For those that are keen to get on the property ladder, but struggling to find a way due to high house prices and the need for a large deposit, the opportunity to buy a property with friends could be the solution.
Most lenders offer joint mortgages for two people, but some now offer the opportunity for up to four people to secure a joint mortgage together. While the ability to buy with friends is a great step forward for the mortgage industry, there are several important considerations for borrowers.
Limited choice of lenders
Whether you apply as a pair or a group of up to four, the same mortgage deals and rates are available, although the choices are more limited for groups.
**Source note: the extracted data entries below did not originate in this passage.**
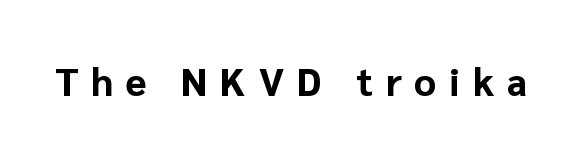
The image shows 38 px bold sans-serif type, upright; set unusually wide letter spacing (+0.34 em), not underlined; low stroke contrast and a medium x-height.
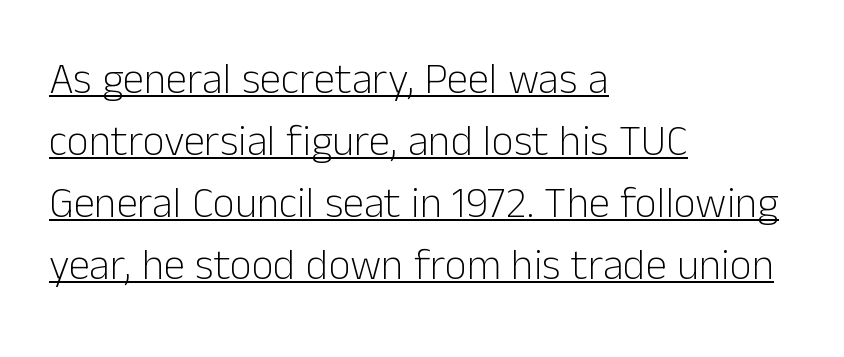
Q: Is the text bold? A: No.
Q: Is the text italic (slanted)? A: No, it is upright.
Q: Is the typeface a serif or a sans-serif typeface? A: Sans-serif.
Q: Is the text underlined? A: Yes.
Q: How is the paragraph aligned? A: Left-aligned.
Q: Is the spacing between letters normal or unusually wide? A: Normal.
Q: Is the spacing between lines tight, normal or loose? A: Normal.
Q: Width (condensed, normal, or wide)? A: Normal.
Q: Stroke contrast? A: Low.
Q: x-height? A: Medium.
Q: Monospaced? A: No.
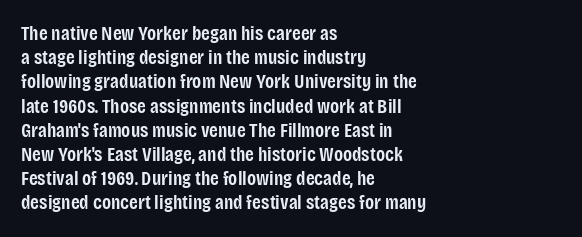
Q: Is the text bold? A: Semi-bold.
Q: Is the text italic (slanted)? A: No, it is upright.
Q: Is the text underlined? A: No.
Q: How is the paragraph aligned? A: Left-aligned.
Q: Is the spacing between letters normal or unusually wide? A: Normal.
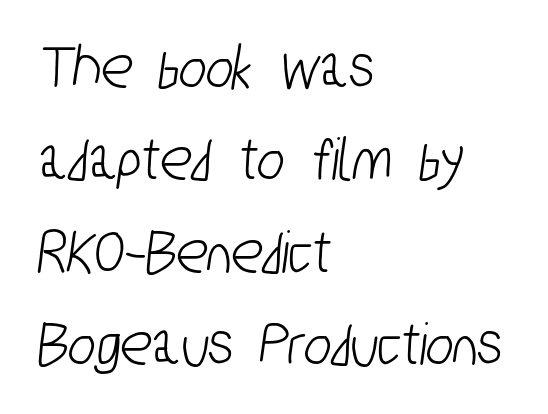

Currently, Barclays, Lloyds, Metro Bank, Santander and Virgin Money are the only lenders offering joint mortgages for up to four people.
Borrowers need to be aware that lenders will assess affordability levels differently. One of the biggest issues is that some lenders will only take into account the two highest incomes. While this probably less of a problem for a group of high earners, for borrowers that need a loan that takes into account all of their salaries, it might be harder to secure the desired loan amount.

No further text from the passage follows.